The BEXMAB study is an open-label Phase 1/2 clinical trial investigating bexmarilimab in combination with SoC in the aggressive hematological malignancies of AML and MDS. The primary objective of the study is to determine the safety and tolerability of bexmarilimab in combination with SoC treatment and to identify the recommended Phase II dose. Bexmarilimab is Faron's investigational immunotherapy designed to overcome resistance to existing treatments and optimize clinical outcomes by targeting myeloid cell function and igniting the immune system.
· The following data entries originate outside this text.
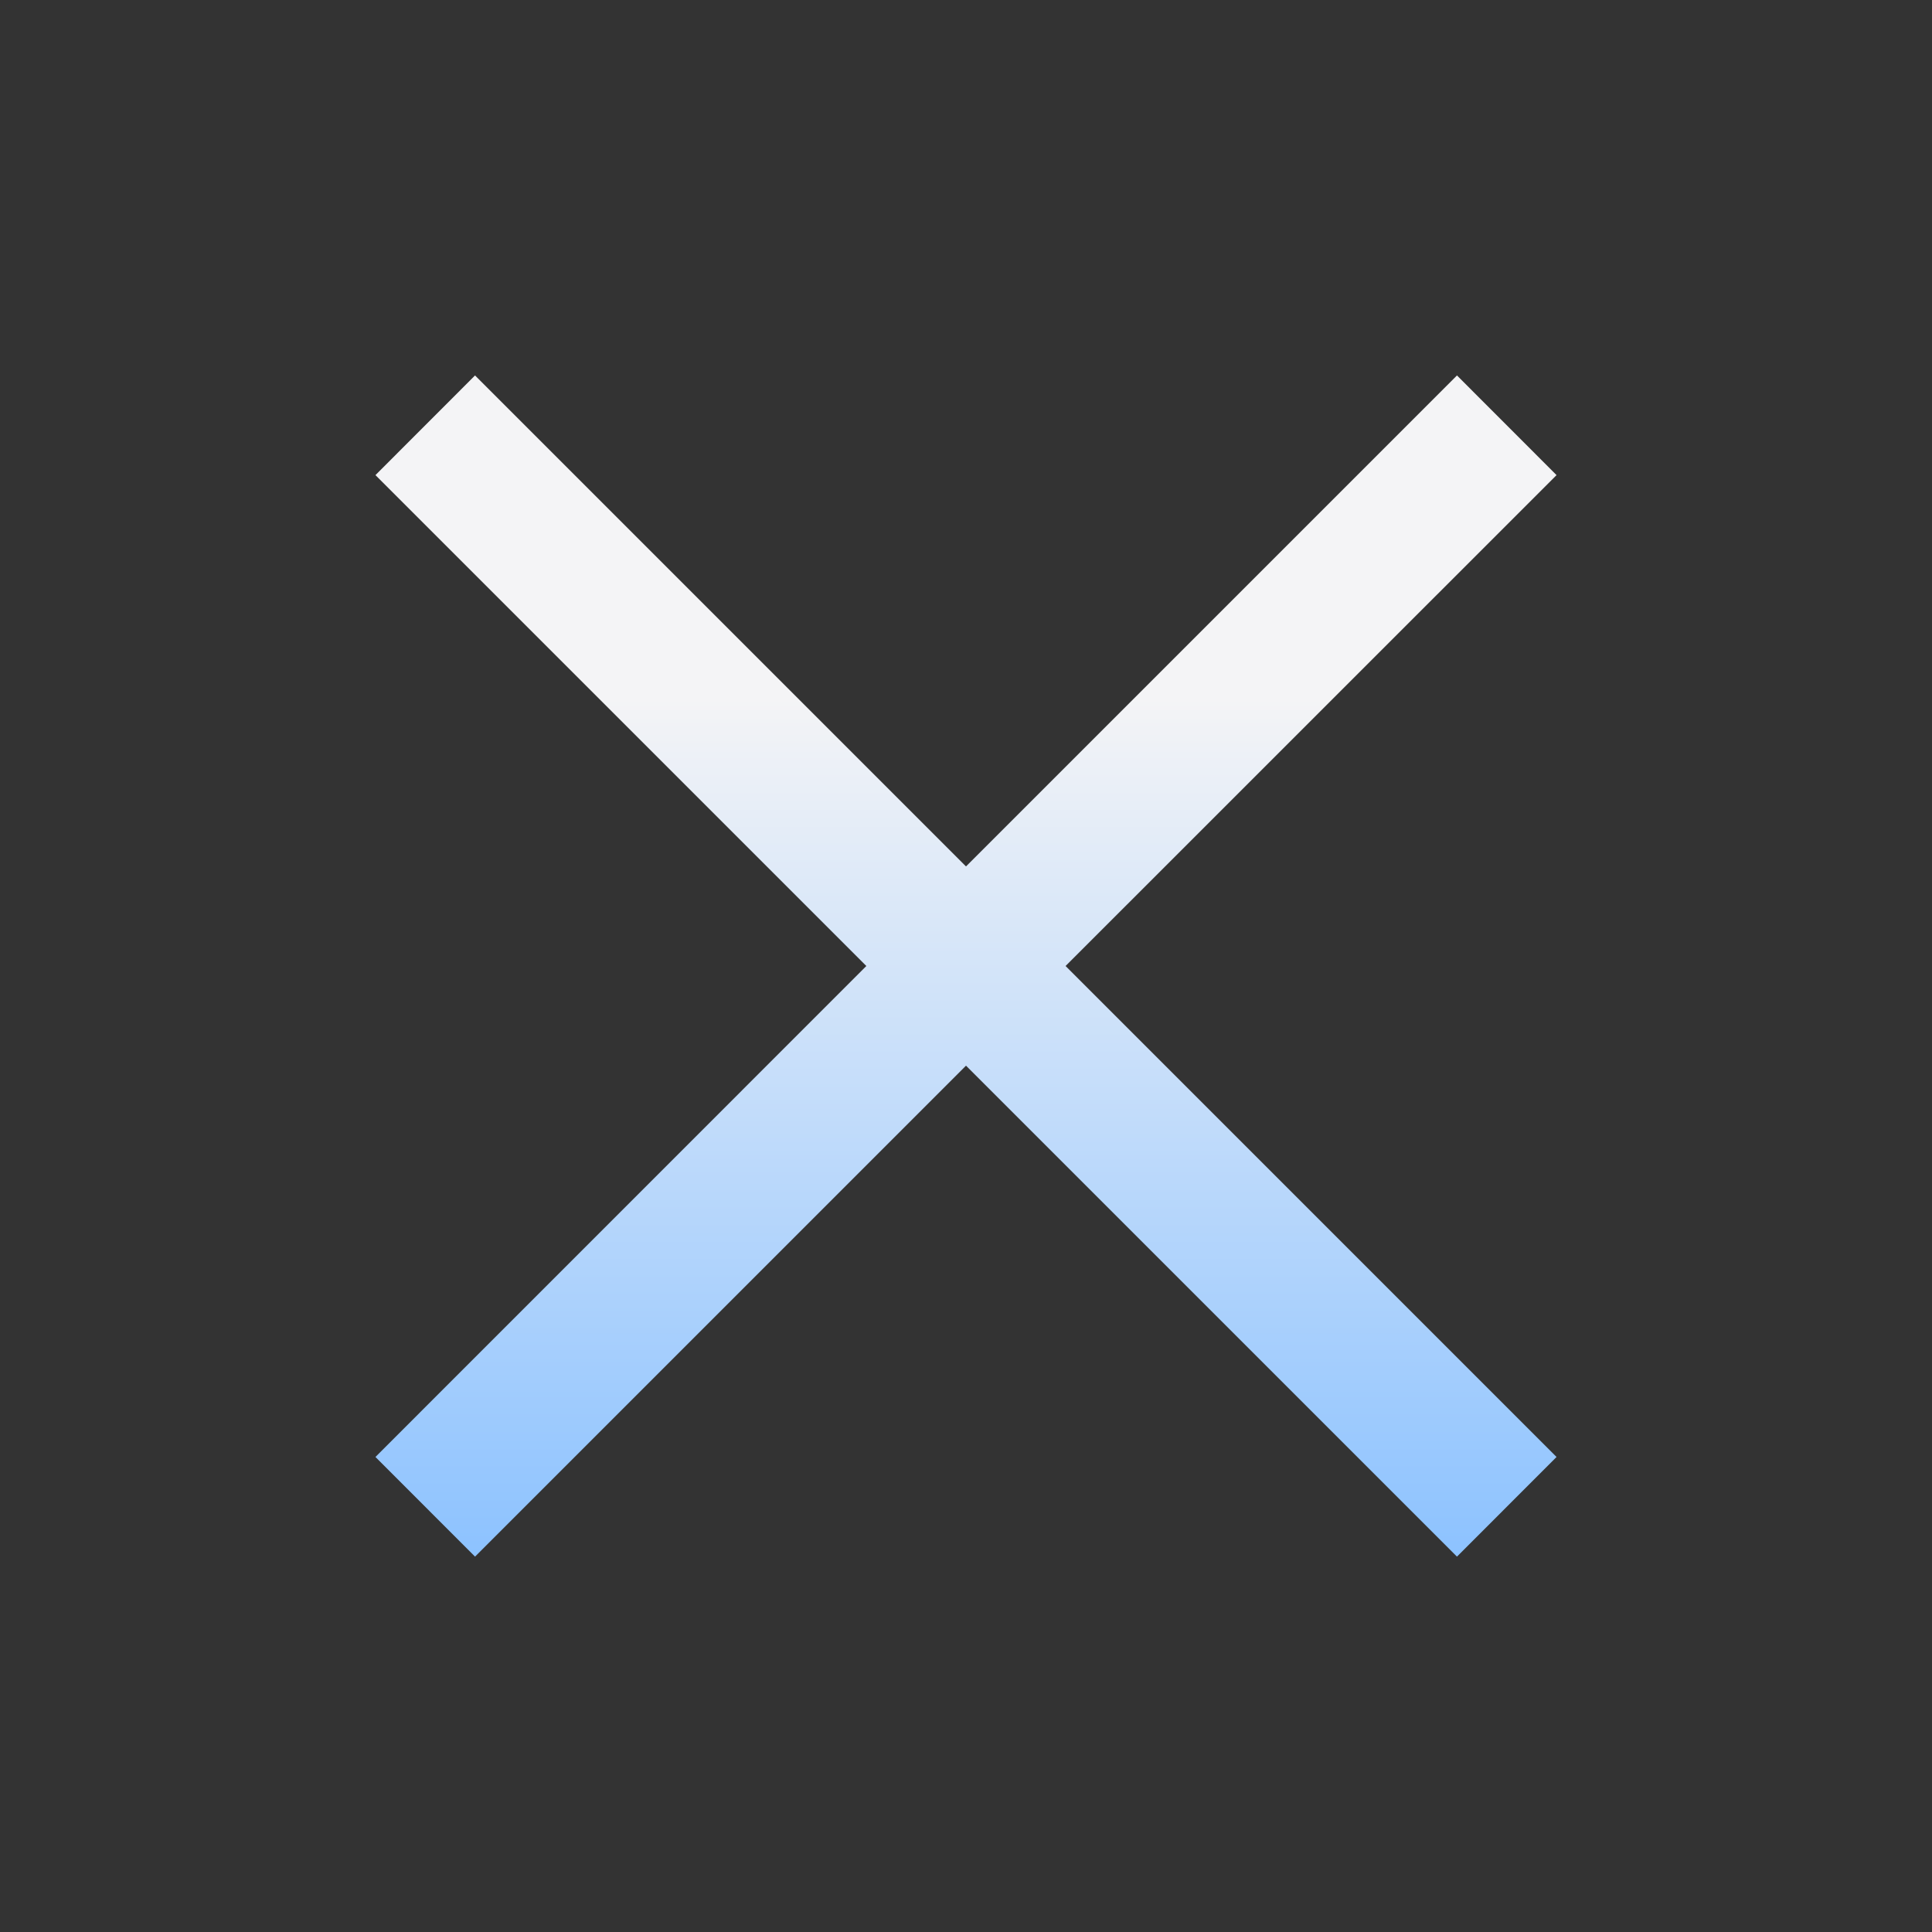 <svg width="24" height="24" viewBox="0 0 24 24" fill="none" xmlns="http://www.w3.org/2000/svg">
<rect x="0" y="0" width="24" height="24" fill="#333333" stroke="none"/>
<g style="mix-blend-mode:difference">
<path fill-rule="evenodd" clip-rule="evenodd" d="M19.336 5.902L18.099 4.664L12 10.763L5.901 4.664L4.664 5.902L10.762 12L4.664 18.099L5.901 19.337L12 13.238L18.099 19.337L19.336 18.099L13.237 12L19.336 5.902Z" fill="url(#paint0_linear_463_2300)"/>
</g>
<defs>
<linearGradient id="paint0_linear_463_2300" x1="12.386" y1="4.392" x2="12.386" y2="19.608" gradientUnits="userSpaceOnUse">
<stop offset="0.281" stop-color="#F4F4F6"/>
<stop offset="1" stop-color="#8AC1FF"/>
</linearGradient>
</defs>
</svg>

It binds to Clever-1, an immunosuppressive receptor found on macrophages, and alters the tumor microenvironment, reprogramming macrophages from an immunosuppressive state to an immunostimulatory one, priming the immune system to attack tumors and sensitizing cancer cells to standard of care.

Faron Pharmaceuticals is a global, clinical-stage biopharmaceutical company focused on tackling cancers via novel immunotherapies. Its lead asset is bexmarilimab, a novel anti-Clever-1 humanized antibody being investigated in Phase 1/2 clinical trials as a potential therapy for patients with hematological cancers in combination with other standard treatments.